Planning Your Trip

The logistics of bareboat sailing charters require a lot of planning. A seat-of-the-pants kind of experience may be thrilling, but it may not be safe for you and your crew. You should get charts and cruising guides for the area in which you plan to sail. Once you have a plan, meet with your crew and go over all the things that need their input and what they need to know about safety.

Your initial choice of a cruising location will make things significantly easier from a planning and a sailing perspective. The Bahamas and Virgin Islands are great places to do a bareboat charter especially if you are new at it. You can easily get charts and guides for those areas.

Most bareboat charterers follow this kind of itinerary. Sail from the location of the boat to your first overnight anchorage on the first day of your trip. Some charterers stay in the boat in the marina where they pick the boat up the first night. Either way, the point is that you need enough daylight to sail from one overnight anchorage to the next. The cruising guides will tell you about the good and the bad of most of the possible anchorages. A good sailing speed to assume is about 6-8 knots. You can achieve that kind of speed with good wind, motoring or both. With that speed, take the charts and estimate the anchorages that can be reached in about four hours. Plot your whole trip out on a chart using this procedure. You may want to take longer or shorter daily sails. That may be decided for you by choosing anchorages that have more appeal to you. For example, there may be a good restaurant at an anchorage that you want to go to. That kind of information can be found in a cruising guide.

You should tell your crew about when to wear a life jacket, about man overboard procedures and other safety issues. Tell them about these things before you leave for your trip. Do some hands on drills once you’re on the boat before you leave the marina. As captain, you are responsible for the crew’s safety.

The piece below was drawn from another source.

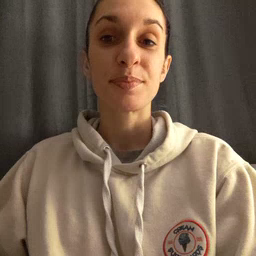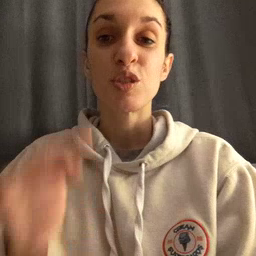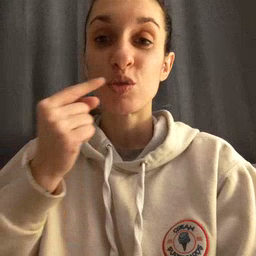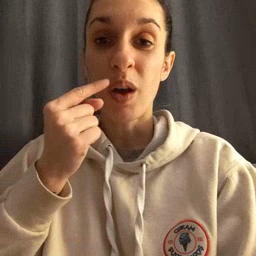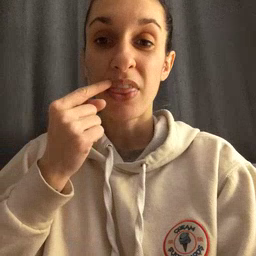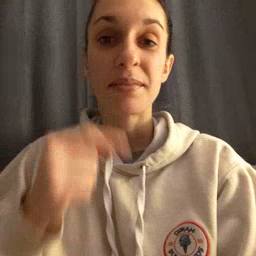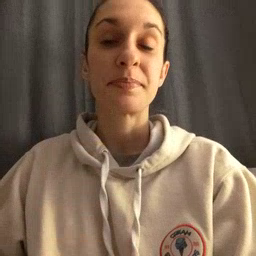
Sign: tooth

Depending on where you will be sailing, you have three choices and several combinations of those choices for provisioning the boat. You can bring your provisions, you can buy them when you get to the boat and you can have the charter company provide them.

Taking your own provisions is probably a good idea if you are driving to where you will pick up your boat and you expect the prices for food there to be high. Otherwise, this is probably not a good idea.

Buying your food once you get to your boat is usually the least expensive way to provision your boat. You have to refer to a cruising guide or ask the charter company to find out if there is a grocery store within a reasonable distance of your boat. You should prepare a menu for the trip before you leave home and make a grocery list from that.

Your charter company will most likely give you the option of having them provide all or part of your food. It is usually a little more expensive to have this service provided. If they do offer this service, information about its cost and what they provide will be on their website.

If the boat does not have some sort of icemaker, you will need to find out where you can get ice, fuel and possibly water on your itinerary. That is also information you may find in a cruising guide.

Cruising guides will sometimes give you all sorts of useful tips. They may tell you where to anchor in a particular harbor or what path to take going into a harbor at different tides.